# Items from a data source
****************************************

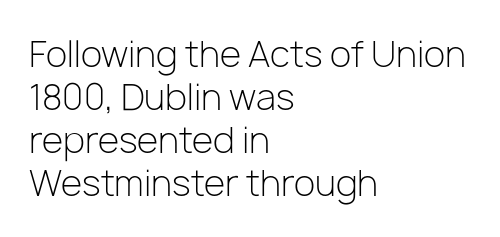
Honestly, the letter spacing is just normal — you wouldn't notice it. Rule under the text: the space is simply empty. Horizontally, the lines are justified to the leading edge only. In terms of letterform style, serifs are entirely absent. Character widths vary here, with narrow letters taking less room than wide ones. If you drew a line through each stem, it would be perfectly vertical.
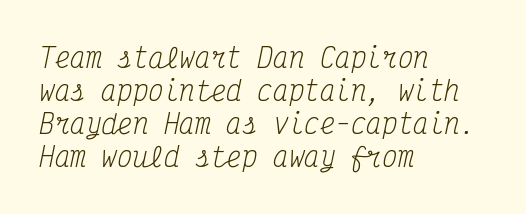
Ink coverage per letter is moderate at most. The rendering uses a moderate line-height, typical for paragraphs. The gap between lines stays unmarked. This rendering uses left alignment, leaving the right contour irregular. Here the glyphs are tracked normally, forming tight word shapes.
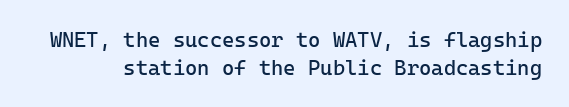
One glance says typical: line gaps are just what's usual. Do the letters lean? They stand straight. A typesetter would call this zero additional tracking. A light-to-regular cut is what we see here.
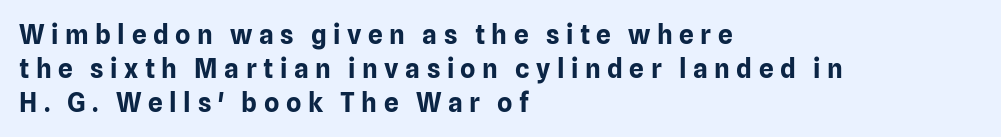
The image shows 26 px bold type, upright; set left-aligned, normal line spacing (1.3x), unusually wide letter spacing (+0.25 em), not underlined.
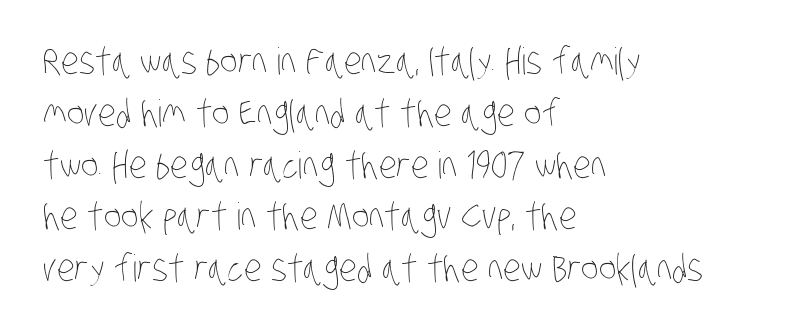
{"bold": "no", "weight": "thin", "width": "condensed", "stroke_contrast": "low", "x_height": "large", "monospaced": "no", "underline": "no", "align": "left", "line_spacing": "normal", "line_spacing_ratio": 1.4, "letter_spacing": "normal", "letter_spacing_em": 0.0, "glyph_px": 37}
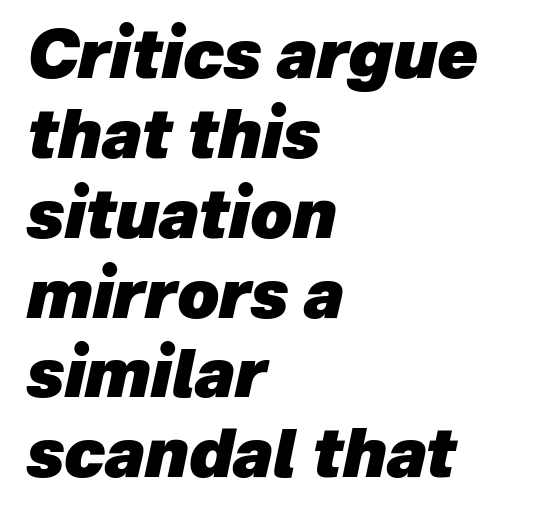
The image shows 66 px heavy type, italic (leaning right); set left-aligned, line spacing 1.21x, normal letter spacing, not underlined; low stroke contrast and a medium x-height.
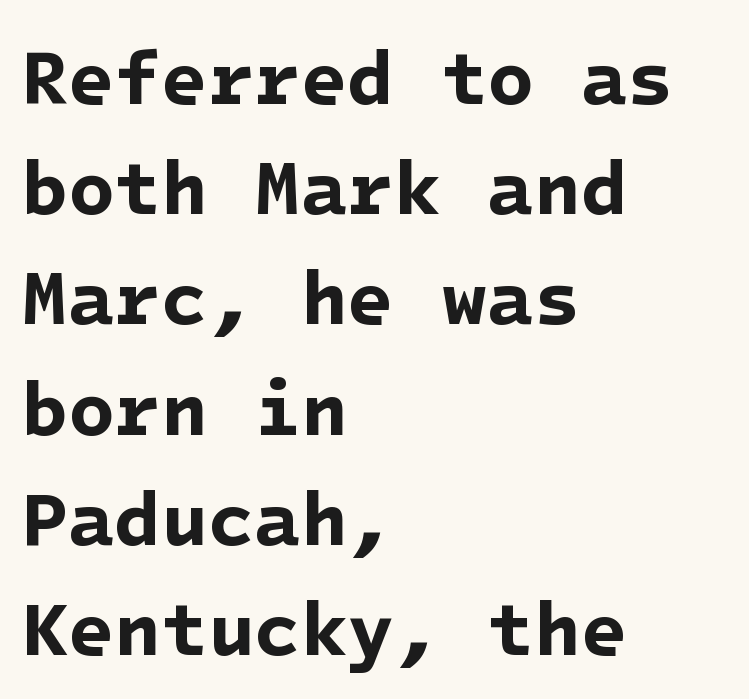
The image shows 76 px bold sans-serif type; set left-aligned, normal line spacing (1.45x), normal letter spacing, not underlined; low stroke contrast and a medium x-height.
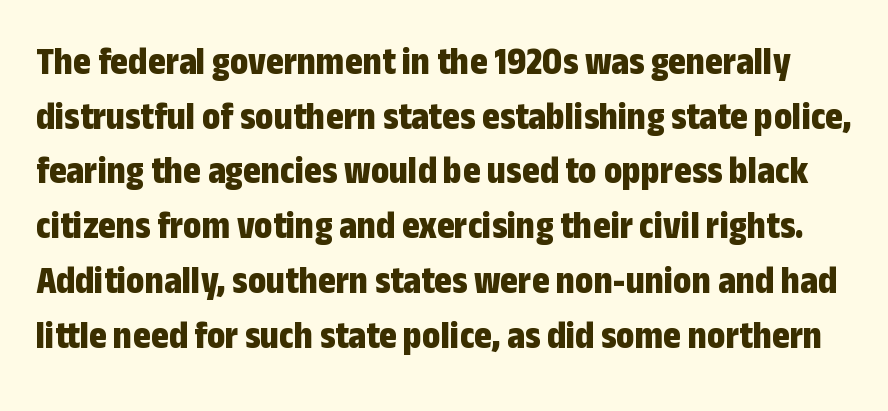
The strokes are fattened all the way to bold. Anything drawn beneath the words? Only blank space. Observe the ordinary spacing: letters are neighbours, not strangers. The passage shown stacks its lines at a standard gap. Is this a fixed-width face? No — the glyphs have proportional, varying widths. The letters stand straight up with perfectly vertical stems.
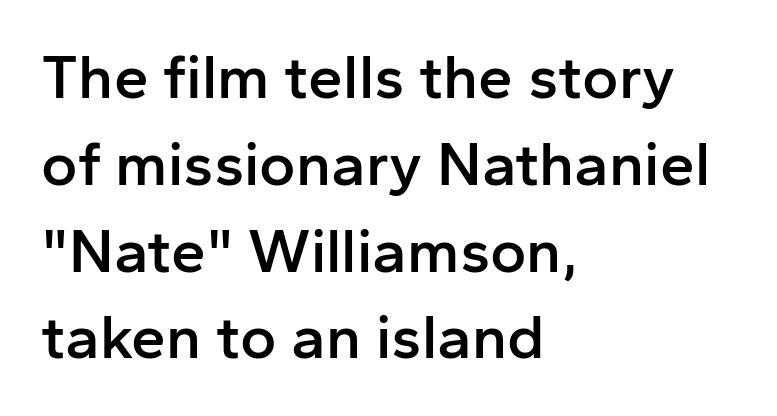
Q: Is the text bold? A: Semi-bold.
Q: Is the text italic (slanted)? A: No, it is upright.
Q: Is the typeface a serif or a sans-serif typeface? A: Sans-serif.
Q: Is the text underlined? A: No.
Q: How is the paragraph aligned? A: Left-aligned.
Q: Is the spacing between letters normal or unusually wide? A: Normal.
Q: Is the spacing between lines tight, normal or loose? A: Normal.
Q: Width (condensed, normal, or wide)? A: Normal.
Q: Stroke contrast? A: Low.
Q: x-height? A: Medium.
Q: Monospaced? A: No.
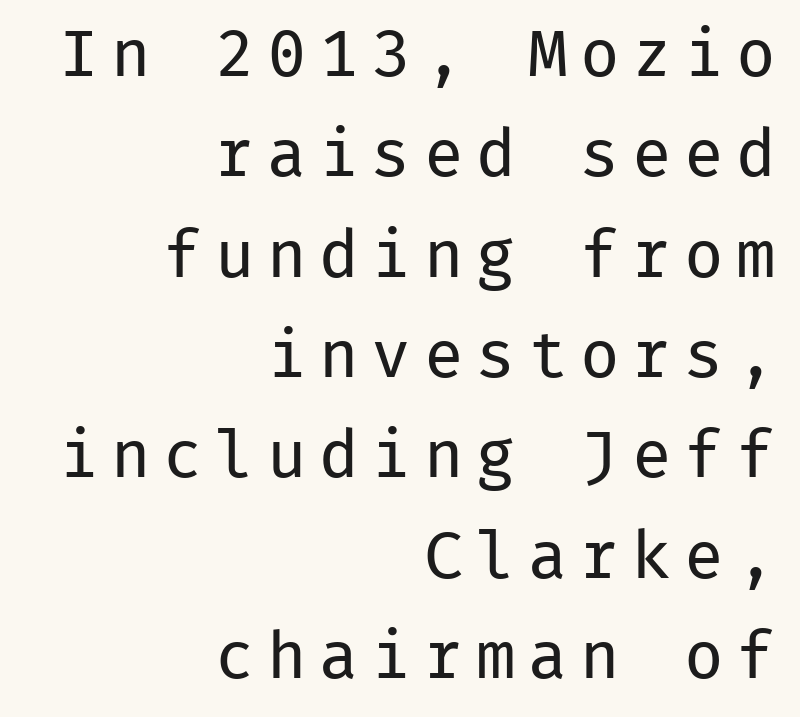
{"serif": "no", "italic": "no", "bold": "no", "weight": "regular", "width": "normal", "stroke_contrast": "low", "x_height": "medium", "monospaced": "yes", "underline": "no", "align": "right", "line_spacing": "normal", "line_spacing_ratio": 1.52, "glyph_px": 66}
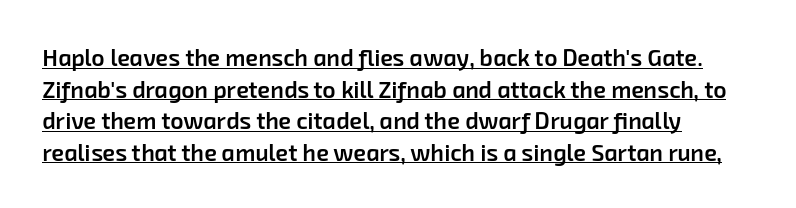
Q: Is the text bold? A: Semi-bold.
Q: Is the text underlined? A: Yes.
Q: How is the paragraph aligned? A: Left-aligned.
Q: Is the spacing between letters normal or unusually wide? A: Normal.
Q: Is the spacing between lines tight, normal or loose? A: Normal.
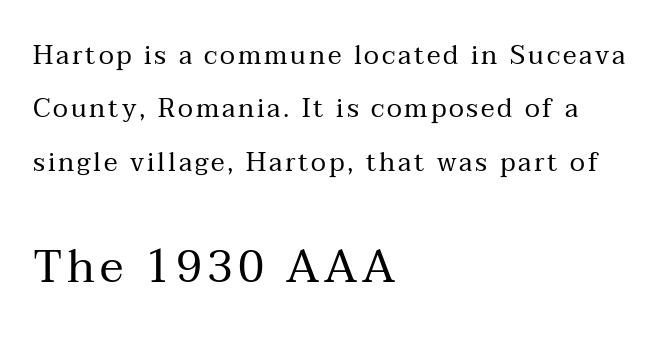
The image shows 45 px regular-weight serif type, upright; set left-aligned, loose line spacing (2.05x), not underlined; the second (bottom) block is 1.73x larger; medium stroke contrast and a medium x-height.

****************************************

# ACTION ITEM
Wherever a line above includes the string "condensed", count it; give only the final tally.

# YOUR SOLUTION
2